Жена уверяет, что я выскочил в коридор в одних трусах (так оно, наверно, и было) и, воздев руки к потолку, прокричал что-то на еврейском языке, — что-то вроде: «Ой-вей!»
Это, конечно, полная чепуха. Но что-то еврейское в тот миг во мне, наверное, действительно проснулось. Во всяком случае, что-то, объединившее меня с тещиной соседкой Симой — красавицей-одесситкой, о которой я только и знал (с тещиных слов), что было у нее шесть или семь официальных мужей, а неофициальных — бессчетно, а также, что она дивно, как только у них в Одессе, наверно, это умели, пела мои любимые «Бублики». С надрывом пела, с душой: «А я несчаст-ная, торговка част-ная…» — пела, словно о себе, словно она сама была этой вот самой частной торговкой, торговавшей бубликами на Дерибасовской или Малой Арнаутской, словно это ее родной отец был пьяница, который «за рюмкой тянется», а мать — «уборщица, ка-а-кой позор!»
Наибольшего внимания в этой трагикомической ситуации заслуживает не столько даже запомнившаяся моей жене удивительная моя реакция на этот Симин крик, сколько сам тот факт, что кинулась Сима в этот момент не к ней, которую она знала маленькой девочкой, выросшей на ее глазах, и не к другим своим соседям, с которыми прожила в этой коммуналке добрую половину жизни, а — ко мне, которого узнала совсем недавно.
А кинулась она именно ко мне (вряд ли даже это надо объяснять) как к единственному оказавшемуся поблизости человеку, которого ошеломительное это сообщение касалось в той же мере, что и ее.
Так ли оно было на самом деле, действительно ли это сообщение больше, чем кого другого в той тещиной коммуналке, касалось лишь нас двоих — это вопрос сложный. И я к нему еще непременно вернусь.
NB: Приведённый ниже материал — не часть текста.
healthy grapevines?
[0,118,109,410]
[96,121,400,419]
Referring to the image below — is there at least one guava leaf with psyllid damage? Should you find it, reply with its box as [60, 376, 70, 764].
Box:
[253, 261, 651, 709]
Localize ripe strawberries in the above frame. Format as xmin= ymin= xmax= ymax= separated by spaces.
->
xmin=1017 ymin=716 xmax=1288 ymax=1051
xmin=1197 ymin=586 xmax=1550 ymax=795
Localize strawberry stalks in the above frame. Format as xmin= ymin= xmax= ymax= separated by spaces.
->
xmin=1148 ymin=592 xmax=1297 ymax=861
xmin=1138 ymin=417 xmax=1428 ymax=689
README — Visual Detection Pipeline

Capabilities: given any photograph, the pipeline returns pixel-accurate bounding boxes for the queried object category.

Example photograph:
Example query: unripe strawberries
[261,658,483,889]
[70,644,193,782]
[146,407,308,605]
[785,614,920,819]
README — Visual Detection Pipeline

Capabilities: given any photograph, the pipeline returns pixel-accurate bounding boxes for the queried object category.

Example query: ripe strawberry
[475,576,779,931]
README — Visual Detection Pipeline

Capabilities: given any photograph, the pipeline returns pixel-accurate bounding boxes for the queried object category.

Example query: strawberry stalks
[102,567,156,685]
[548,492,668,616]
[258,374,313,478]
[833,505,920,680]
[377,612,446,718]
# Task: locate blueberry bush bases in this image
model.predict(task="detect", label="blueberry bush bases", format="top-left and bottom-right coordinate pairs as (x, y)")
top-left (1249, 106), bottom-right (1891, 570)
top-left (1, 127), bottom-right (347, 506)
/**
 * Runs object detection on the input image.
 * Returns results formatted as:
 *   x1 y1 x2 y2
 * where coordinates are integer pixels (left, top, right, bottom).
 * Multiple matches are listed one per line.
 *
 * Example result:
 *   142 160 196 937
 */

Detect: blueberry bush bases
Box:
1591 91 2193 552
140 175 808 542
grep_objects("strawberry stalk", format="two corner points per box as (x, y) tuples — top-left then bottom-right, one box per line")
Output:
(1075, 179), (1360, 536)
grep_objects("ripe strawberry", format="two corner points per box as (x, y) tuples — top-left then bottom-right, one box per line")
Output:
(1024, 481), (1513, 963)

А сейчас — перенесемся на несколько месяцев вперед, в июль-август того же 1953 года.
Как это ни странно, в том самом году в июльском номере журнала «Октябрь» была напечатана первая моя большая статья («Пушкин и Маяковский»), за которую я получил довольно солидный, а для меня тогда прямо-таки грандиозный гонорар: что-то около пяти тысяч рублей.
Вместо того чтобы отдать эти деньги родителям, с которыми (лучше сказать — у которых) мы жили, совершенно ошалев от пьянящего воздуха наступающих перемен и от свалившейся вдруг на нас этой огромной суммы, мы с женой рванули на юг — сперва в Одессу, оттуда на теплоходе в Крым, из Ялты перекочевали в Алупку, где «дикарями» прожили целый месяц, профинтив за этот — не такой уж большой, в сущности, срок — все наши пять тысяч до самого последнего рубля.
От этой нашей эскапады осталось у меня в памяти много острых и сильных впечатлений. Впервые увиденная Одесса, впервые увиденная Ялта, впервые увиденные горы: Крым, Ай-Петри. Залитое солнцем, сверкающее ослепительной синевой море, ни в какое сравнение не идущее с запомнившимся по моим детским (Бердянск) впечатлениям мутно-зеленым Азовским.
Впервые — самостоятельная жизнь. Легкая, пьянящая.
Каждый день, когда время близилось к обеду, разморенные жарой, мы тащились с пляжа наверх, в гору, в облюбованный нами — впрочем, кажется, единственный на всю тогдашнюю Алупку — ресторанчик. Свободных мест там всегда было вдоволь, и еда была довольно приличная. Вот только с напитками было худо: ни лимонада, ни минеральной воды не было и в помине. Зато был — сидр.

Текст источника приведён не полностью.